To avert that eventuality, Spacey is now being edited out of a completed movie, All the Money in the World. I’m not sure what purpose that serves other than to make the filmmakers feel better about themselves. Apparently they’re afraid Spacey’s presence will drive down ticket sales, but the cynic in me is dead certain that if they leave Spacey in the film, sales will go through the roof. That’s not a reason to keep him in the movie, but self-righteousness isn’t a reason to keep him out, either.

I’ve always been more than willing to draw a line between an artist’s flaws and the work itself. Allegations of Wagner’s anti-Semitism will never come between me and the transcendent experience of the Ring cycle. I even watched and thoroughly enjoyed Feud this year, despite the feud I was having in my head with Susan Sarandon over her endorsement of Jill Stein. And no doubt I will soon watch Thelma and Louise for the 15th time, though I may find myself cheering at the end. (Movies are a great way to safely work out your anger.)

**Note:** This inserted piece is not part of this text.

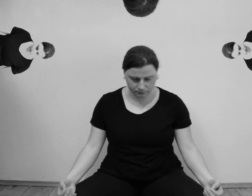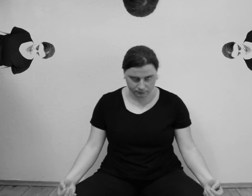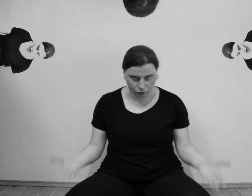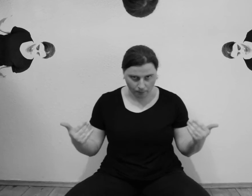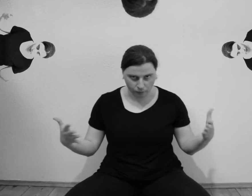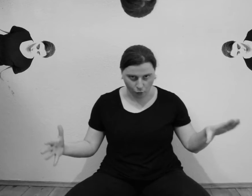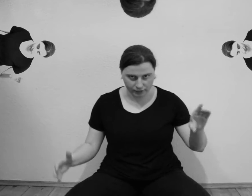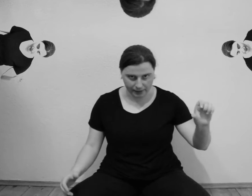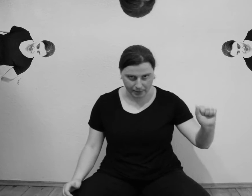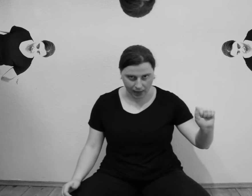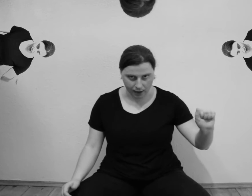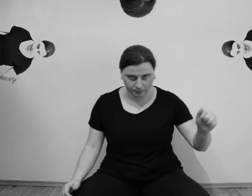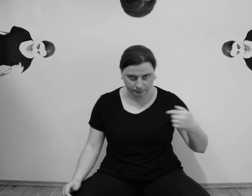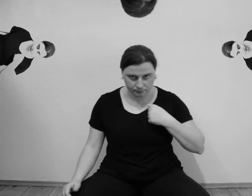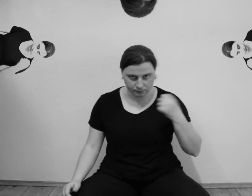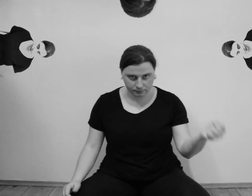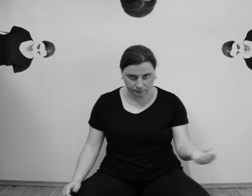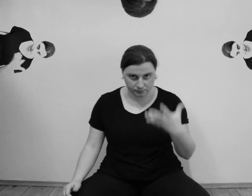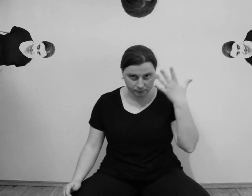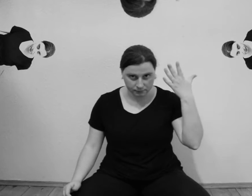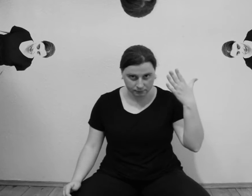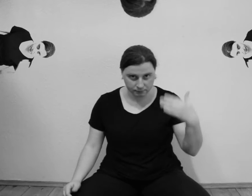Komm, Rosa, bla, erleuchte mich
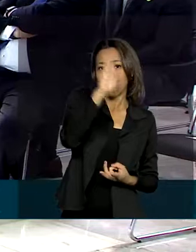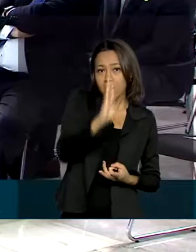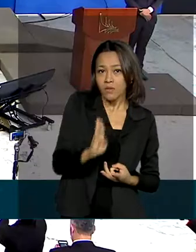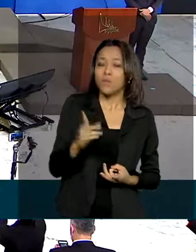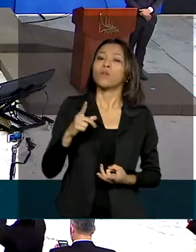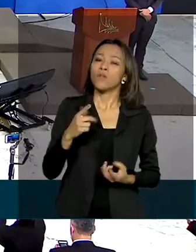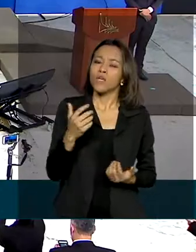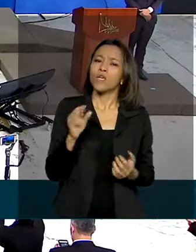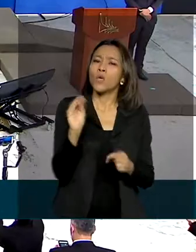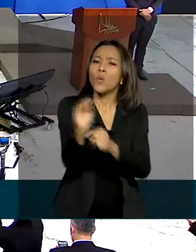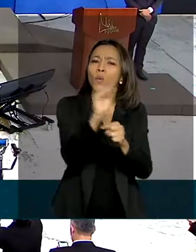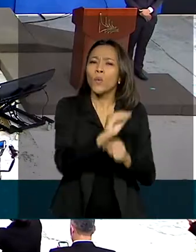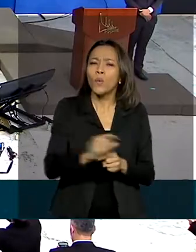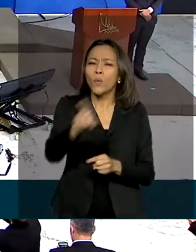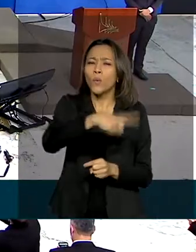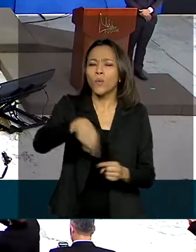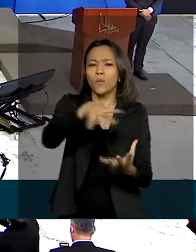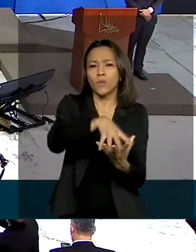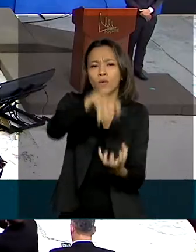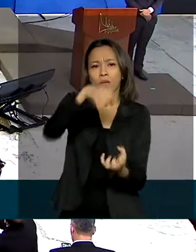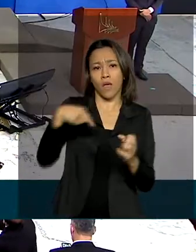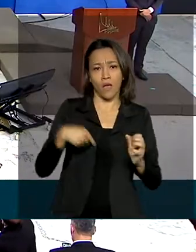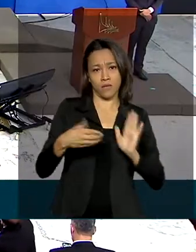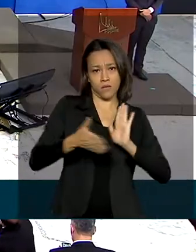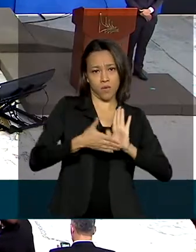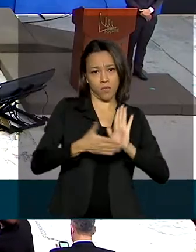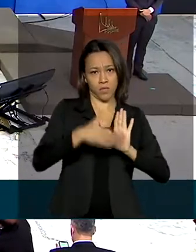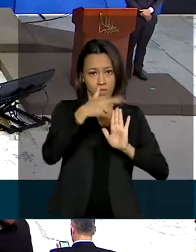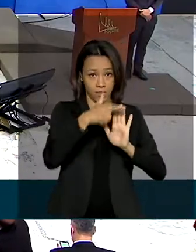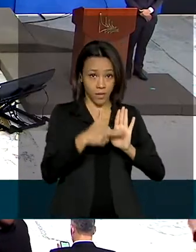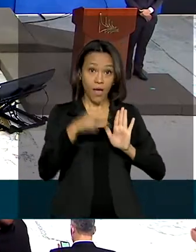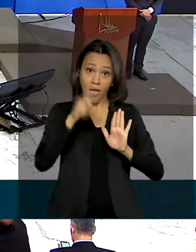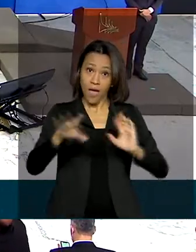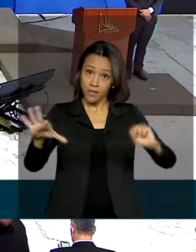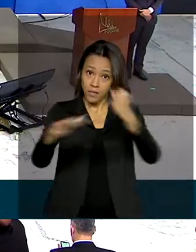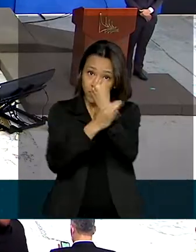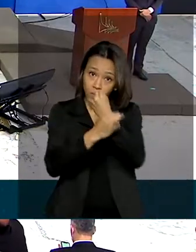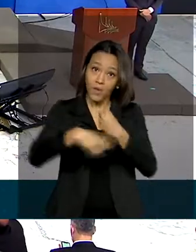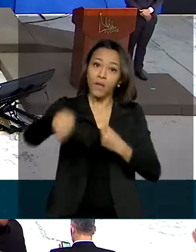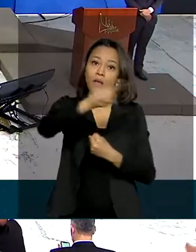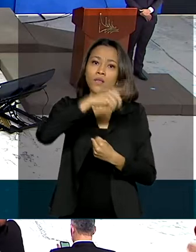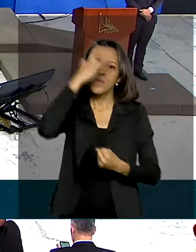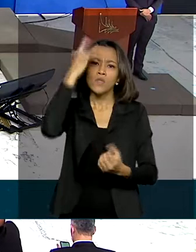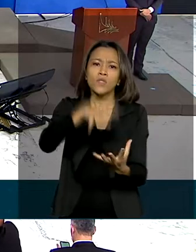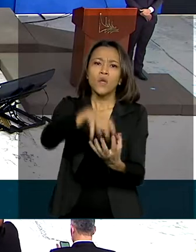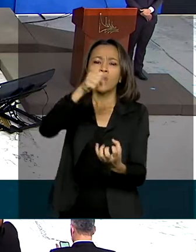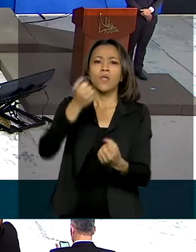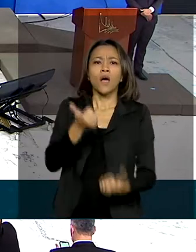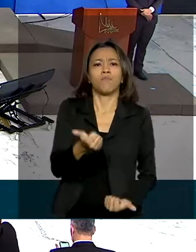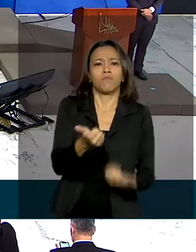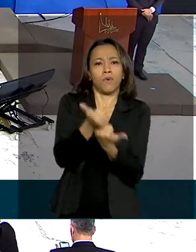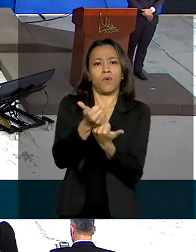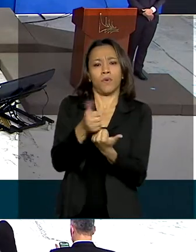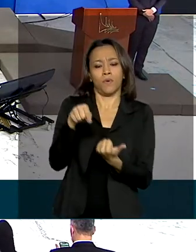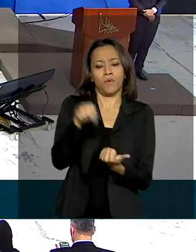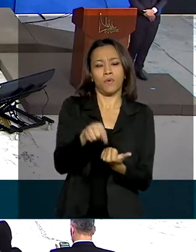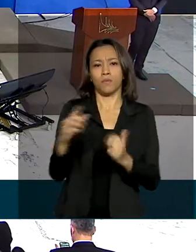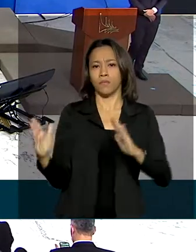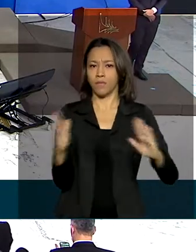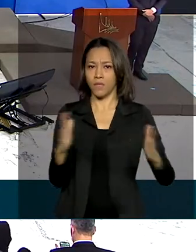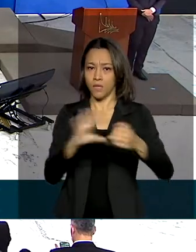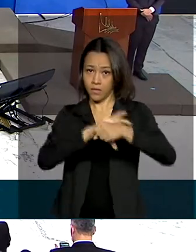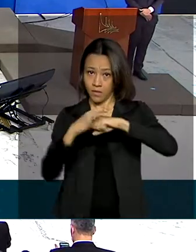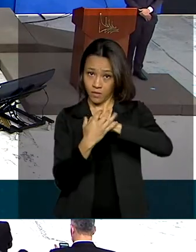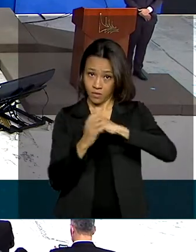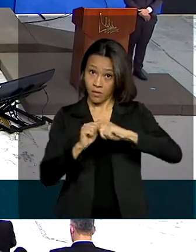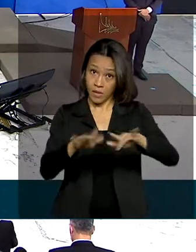com idade mais avançada. A medida é para garantir aos mais velhos assistência durante a pandemia. E para evitar golpes

The “me, too” campaign in the wake of the Weinstein revelations has been successful in demonstrating the scope of Hollywood’s problem with sexual harassment and assault—and with Spacey, the scandal has reached into the gay community, as well. Maybe what we need now is a more upbeat version: maybe this is the time for other gay actors to come out of the closet as happy, healthy people who are attracted only to adults. Let’s not let Kevin Spacey be the poster child on this one, folks.